Disaster recovery planning for data is just a part of the broader context of preparing essential plans to ensure the continuity of the enterprise. Many governments make such planning mandatory. A Business Continuity Plan (BCP) is much broader in scope than the data.  Such plans deal with key personnel, facilities, crisis communication, and reputation management.  The Disaster Recovery Plan (DRP) is a part of a BCP,  and to drill down further, the Data Recovery Plan is a component of the DRP.

To plan adequately for the recovery of the company’s data, you have to look at the broader context. It is not enough to have the backups. Recovery implies that there is somewhere to restore them.
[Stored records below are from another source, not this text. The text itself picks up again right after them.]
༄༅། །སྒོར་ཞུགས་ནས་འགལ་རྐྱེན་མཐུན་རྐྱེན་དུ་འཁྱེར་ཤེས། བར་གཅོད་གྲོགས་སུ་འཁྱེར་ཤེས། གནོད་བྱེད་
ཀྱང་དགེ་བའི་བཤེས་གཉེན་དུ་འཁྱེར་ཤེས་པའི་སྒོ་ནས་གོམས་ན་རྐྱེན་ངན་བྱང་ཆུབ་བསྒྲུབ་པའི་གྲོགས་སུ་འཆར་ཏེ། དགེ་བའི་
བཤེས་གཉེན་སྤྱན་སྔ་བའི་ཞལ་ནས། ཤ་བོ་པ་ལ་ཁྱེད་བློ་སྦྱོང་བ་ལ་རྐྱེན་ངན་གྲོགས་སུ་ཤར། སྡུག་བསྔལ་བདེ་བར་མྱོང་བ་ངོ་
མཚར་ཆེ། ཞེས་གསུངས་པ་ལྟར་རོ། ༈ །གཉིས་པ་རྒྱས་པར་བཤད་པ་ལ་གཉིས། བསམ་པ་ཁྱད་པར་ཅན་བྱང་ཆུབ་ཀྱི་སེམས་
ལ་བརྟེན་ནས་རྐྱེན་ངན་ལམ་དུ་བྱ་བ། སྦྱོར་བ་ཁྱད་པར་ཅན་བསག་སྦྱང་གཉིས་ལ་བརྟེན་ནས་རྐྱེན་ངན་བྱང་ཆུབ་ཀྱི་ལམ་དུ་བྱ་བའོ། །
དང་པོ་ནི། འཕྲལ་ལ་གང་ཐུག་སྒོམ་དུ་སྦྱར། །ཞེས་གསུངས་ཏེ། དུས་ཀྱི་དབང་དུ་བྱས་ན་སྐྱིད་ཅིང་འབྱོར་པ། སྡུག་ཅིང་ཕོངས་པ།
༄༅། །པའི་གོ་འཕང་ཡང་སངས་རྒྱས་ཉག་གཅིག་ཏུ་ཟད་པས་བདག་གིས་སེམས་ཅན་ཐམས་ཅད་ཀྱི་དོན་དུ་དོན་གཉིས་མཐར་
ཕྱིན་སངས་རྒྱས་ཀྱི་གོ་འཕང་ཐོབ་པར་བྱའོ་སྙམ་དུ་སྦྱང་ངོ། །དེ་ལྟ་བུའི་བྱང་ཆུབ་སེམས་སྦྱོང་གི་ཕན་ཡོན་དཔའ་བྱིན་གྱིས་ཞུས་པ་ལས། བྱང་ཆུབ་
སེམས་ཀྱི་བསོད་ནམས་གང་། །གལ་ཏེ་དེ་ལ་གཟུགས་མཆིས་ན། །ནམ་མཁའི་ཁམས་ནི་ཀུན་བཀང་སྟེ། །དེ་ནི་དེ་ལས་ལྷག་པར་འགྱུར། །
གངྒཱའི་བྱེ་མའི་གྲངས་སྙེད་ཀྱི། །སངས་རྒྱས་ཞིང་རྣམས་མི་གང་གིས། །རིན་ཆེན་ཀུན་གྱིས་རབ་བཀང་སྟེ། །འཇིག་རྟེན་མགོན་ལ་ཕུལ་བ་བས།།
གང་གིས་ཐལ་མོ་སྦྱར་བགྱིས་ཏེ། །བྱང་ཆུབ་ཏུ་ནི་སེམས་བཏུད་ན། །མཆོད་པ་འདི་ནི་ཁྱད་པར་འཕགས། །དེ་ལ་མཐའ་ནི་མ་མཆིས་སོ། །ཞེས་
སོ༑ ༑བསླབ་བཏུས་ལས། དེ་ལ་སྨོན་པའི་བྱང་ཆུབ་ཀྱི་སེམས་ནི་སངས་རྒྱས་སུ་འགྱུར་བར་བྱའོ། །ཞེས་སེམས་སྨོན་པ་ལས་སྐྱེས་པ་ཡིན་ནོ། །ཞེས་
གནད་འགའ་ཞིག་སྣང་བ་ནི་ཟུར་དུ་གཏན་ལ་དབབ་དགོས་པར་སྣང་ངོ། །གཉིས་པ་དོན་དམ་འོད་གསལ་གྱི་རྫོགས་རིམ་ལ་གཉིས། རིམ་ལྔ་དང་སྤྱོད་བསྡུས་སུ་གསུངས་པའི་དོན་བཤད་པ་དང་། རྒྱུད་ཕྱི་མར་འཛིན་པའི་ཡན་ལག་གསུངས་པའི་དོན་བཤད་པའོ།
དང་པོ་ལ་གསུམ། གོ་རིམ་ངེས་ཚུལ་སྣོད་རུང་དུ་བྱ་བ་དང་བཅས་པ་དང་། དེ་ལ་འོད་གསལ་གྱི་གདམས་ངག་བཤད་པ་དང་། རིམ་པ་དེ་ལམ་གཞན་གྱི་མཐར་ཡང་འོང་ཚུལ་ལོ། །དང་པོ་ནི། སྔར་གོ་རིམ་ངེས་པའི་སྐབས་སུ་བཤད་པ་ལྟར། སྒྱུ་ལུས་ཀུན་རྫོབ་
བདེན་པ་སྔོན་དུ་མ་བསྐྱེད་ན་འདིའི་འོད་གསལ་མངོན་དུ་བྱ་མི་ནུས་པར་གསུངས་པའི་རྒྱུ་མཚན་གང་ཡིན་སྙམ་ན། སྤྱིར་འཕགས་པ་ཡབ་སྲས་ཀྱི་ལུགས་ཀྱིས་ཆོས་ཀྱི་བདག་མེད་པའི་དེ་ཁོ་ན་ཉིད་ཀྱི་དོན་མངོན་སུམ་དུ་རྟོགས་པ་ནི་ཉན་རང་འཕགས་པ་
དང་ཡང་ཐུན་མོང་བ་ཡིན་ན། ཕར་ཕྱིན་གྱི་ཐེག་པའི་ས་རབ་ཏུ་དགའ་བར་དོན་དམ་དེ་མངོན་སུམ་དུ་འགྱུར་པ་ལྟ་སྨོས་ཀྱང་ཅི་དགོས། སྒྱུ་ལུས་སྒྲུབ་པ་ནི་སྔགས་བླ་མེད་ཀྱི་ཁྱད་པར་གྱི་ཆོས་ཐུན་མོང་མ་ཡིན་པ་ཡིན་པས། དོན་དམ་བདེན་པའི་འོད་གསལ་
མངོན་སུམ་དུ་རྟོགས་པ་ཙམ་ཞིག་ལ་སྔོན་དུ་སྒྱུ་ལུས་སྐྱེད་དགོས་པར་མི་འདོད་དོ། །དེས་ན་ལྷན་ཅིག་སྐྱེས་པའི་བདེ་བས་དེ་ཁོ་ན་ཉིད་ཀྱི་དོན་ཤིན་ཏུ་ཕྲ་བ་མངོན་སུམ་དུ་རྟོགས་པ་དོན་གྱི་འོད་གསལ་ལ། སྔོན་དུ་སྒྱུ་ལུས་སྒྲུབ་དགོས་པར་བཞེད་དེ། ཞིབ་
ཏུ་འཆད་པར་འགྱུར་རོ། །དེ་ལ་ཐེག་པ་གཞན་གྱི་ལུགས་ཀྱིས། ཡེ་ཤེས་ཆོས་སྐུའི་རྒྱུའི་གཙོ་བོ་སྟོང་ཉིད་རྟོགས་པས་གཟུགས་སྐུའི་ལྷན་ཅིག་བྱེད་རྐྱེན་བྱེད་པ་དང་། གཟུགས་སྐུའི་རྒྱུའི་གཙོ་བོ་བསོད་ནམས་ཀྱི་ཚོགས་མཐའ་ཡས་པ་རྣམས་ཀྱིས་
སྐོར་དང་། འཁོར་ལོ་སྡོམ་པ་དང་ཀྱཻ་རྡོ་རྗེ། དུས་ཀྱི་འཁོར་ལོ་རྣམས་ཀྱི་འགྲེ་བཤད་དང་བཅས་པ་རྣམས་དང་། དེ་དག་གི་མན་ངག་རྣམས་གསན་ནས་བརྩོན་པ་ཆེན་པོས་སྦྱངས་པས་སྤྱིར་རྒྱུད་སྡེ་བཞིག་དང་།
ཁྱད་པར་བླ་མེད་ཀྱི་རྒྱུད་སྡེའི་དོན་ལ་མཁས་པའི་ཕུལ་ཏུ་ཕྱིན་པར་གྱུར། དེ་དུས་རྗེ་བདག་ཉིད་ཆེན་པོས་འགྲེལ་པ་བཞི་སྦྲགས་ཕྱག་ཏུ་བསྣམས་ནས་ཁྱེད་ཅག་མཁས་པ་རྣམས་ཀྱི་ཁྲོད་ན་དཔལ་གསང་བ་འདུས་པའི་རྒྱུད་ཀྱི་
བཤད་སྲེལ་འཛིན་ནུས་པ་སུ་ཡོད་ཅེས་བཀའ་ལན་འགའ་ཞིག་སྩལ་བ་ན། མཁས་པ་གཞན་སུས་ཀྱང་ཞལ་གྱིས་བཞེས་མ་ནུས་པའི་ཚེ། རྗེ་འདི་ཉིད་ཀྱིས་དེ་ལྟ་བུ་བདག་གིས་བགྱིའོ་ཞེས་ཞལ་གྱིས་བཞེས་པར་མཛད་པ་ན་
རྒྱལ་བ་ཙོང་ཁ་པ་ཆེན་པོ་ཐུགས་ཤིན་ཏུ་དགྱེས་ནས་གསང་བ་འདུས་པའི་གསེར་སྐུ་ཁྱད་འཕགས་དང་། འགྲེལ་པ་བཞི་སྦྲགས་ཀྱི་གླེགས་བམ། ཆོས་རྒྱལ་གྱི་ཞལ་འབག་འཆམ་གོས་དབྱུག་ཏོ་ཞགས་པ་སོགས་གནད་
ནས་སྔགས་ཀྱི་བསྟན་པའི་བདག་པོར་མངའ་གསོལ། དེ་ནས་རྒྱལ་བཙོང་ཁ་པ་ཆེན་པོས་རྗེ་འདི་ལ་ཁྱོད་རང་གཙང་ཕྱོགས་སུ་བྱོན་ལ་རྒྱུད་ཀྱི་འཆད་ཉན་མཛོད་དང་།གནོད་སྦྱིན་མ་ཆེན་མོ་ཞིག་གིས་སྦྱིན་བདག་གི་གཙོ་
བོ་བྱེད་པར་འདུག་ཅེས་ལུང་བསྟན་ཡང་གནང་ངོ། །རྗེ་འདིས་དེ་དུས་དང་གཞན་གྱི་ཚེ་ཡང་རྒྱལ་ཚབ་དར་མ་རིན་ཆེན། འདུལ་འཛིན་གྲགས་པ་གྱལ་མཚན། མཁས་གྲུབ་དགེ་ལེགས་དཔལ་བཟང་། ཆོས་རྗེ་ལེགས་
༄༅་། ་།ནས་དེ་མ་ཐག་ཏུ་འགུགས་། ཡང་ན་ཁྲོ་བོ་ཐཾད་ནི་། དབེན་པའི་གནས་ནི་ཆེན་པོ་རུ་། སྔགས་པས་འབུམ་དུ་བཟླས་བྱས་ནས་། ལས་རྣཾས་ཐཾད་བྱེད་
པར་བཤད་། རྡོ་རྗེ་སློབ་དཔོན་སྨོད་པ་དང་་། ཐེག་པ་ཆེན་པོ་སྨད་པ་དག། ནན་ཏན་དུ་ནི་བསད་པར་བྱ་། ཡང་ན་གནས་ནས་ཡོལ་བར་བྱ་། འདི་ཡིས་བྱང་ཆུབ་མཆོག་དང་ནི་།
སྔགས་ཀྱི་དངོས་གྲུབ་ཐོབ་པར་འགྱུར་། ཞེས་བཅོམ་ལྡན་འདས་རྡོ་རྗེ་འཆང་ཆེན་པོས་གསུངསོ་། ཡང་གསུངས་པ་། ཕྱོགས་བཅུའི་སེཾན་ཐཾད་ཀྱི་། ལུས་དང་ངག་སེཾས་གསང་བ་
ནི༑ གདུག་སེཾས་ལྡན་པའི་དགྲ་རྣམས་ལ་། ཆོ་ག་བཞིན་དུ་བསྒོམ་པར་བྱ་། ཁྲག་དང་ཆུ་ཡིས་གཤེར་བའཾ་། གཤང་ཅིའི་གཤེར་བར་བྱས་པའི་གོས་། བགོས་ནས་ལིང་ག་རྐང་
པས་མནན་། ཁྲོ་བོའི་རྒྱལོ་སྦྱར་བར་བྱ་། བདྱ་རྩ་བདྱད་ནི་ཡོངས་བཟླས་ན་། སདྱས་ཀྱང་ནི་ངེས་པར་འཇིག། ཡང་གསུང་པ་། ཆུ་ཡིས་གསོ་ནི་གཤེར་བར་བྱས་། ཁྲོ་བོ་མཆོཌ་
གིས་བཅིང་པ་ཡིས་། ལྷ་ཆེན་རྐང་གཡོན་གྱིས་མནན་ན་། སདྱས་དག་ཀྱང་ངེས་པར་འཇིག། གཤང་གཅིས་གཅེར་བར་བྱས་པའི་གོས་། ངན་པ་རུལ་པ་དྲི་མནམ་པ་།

As well as the obvious requirements for hardware and networking, there are the details, so easily overlooked, that will make all the difference.

Database applications tend to need a wide range of ancillary hardware and software in order to function properly. They have data feeds, third-party components that require license keys, a whole range of functionality that requires encryption keys, passwords, DNS entries, firewall settings, and network configuration. Just getting everything to the right version level would require change-management records and software release documentation. We need to know the way that backup dates are recorded in order to get the right backups. There are also configuration files, firewall rules, format files, and structured data files squirrelled away somewhere. A data server may be in an old version, and the database might not run on later versions. Do you have the installation disks for the server, or for ‘heritage’ versions of the operating system that might prove to be essential? Can you afford to pull all the software versions you need off the internet, especially after a major disaster that swamps public networks? These are all questions that you must be able to answer confidently.

The Data Recovery Plan

A Data Protection and Recovery Plan needs to be as simple as possible, while taking into account the whole spectrum of possible disasters in various degrees of severity. It needs to allow for the time each recovery operation takes, as well as the manpower requirements to implement it. A Data Protection and Recovery Plan must also incorporate strategies for recovering, as a priority, the most essential systems, even if this allows the less vital systems to languish temporarily.

The idea of preparing written plans and instructions for restoring database systems seems like an alien and rather unattractive activity to many IT professionals. If you ask Admins what the likelihood is that they might not be around after a disaster to give pithy commands out of the corner of their mouths; they find the idea far-fetched. Of course they’d be there, just like  the unsinkable Molly Brown. In reality, even relatively common events such as blizzards or flu epidemics soon prove their over-optimism, and the reason that disaster-recovery planners insist on what seems like obsessive documentation becomes apparent. It doesn’t take an attack by flesh-eating zombies to prevent the experts from taking charge. Many recoveries have to be made by staff from other departments, reading from procedure scripts and written documentation. You may be able to direct a recovery from home, but the chances aren’t good, especially if remote access is unreliable.

Business-Impact Analysis

Any business needs to have performed a Business-Impact Analysis (BIA) before attempting to write an intelligent recovery plan. There must be agreed  Recovery Time Objectives (RTOs) and Recovery Point Objectives (RPO) for each of the key business processes such as payroll systems, and accounts so  that the Data professionals can plan for data recovery based on the business’ priorities. The DR planners need to refer to the Business-impact Analysis (BIA and security audit to determine the security classification of the data. If data is subject to statutory regulation, that could affect how it’s backed up and the most effective way to recover it. There is a world of difference in the cost of Plain oOrdinary offsite storage and secure offsite storage. The planners will have to meet with the technology team, application team, and network administrator(s) to make sure all views are represented.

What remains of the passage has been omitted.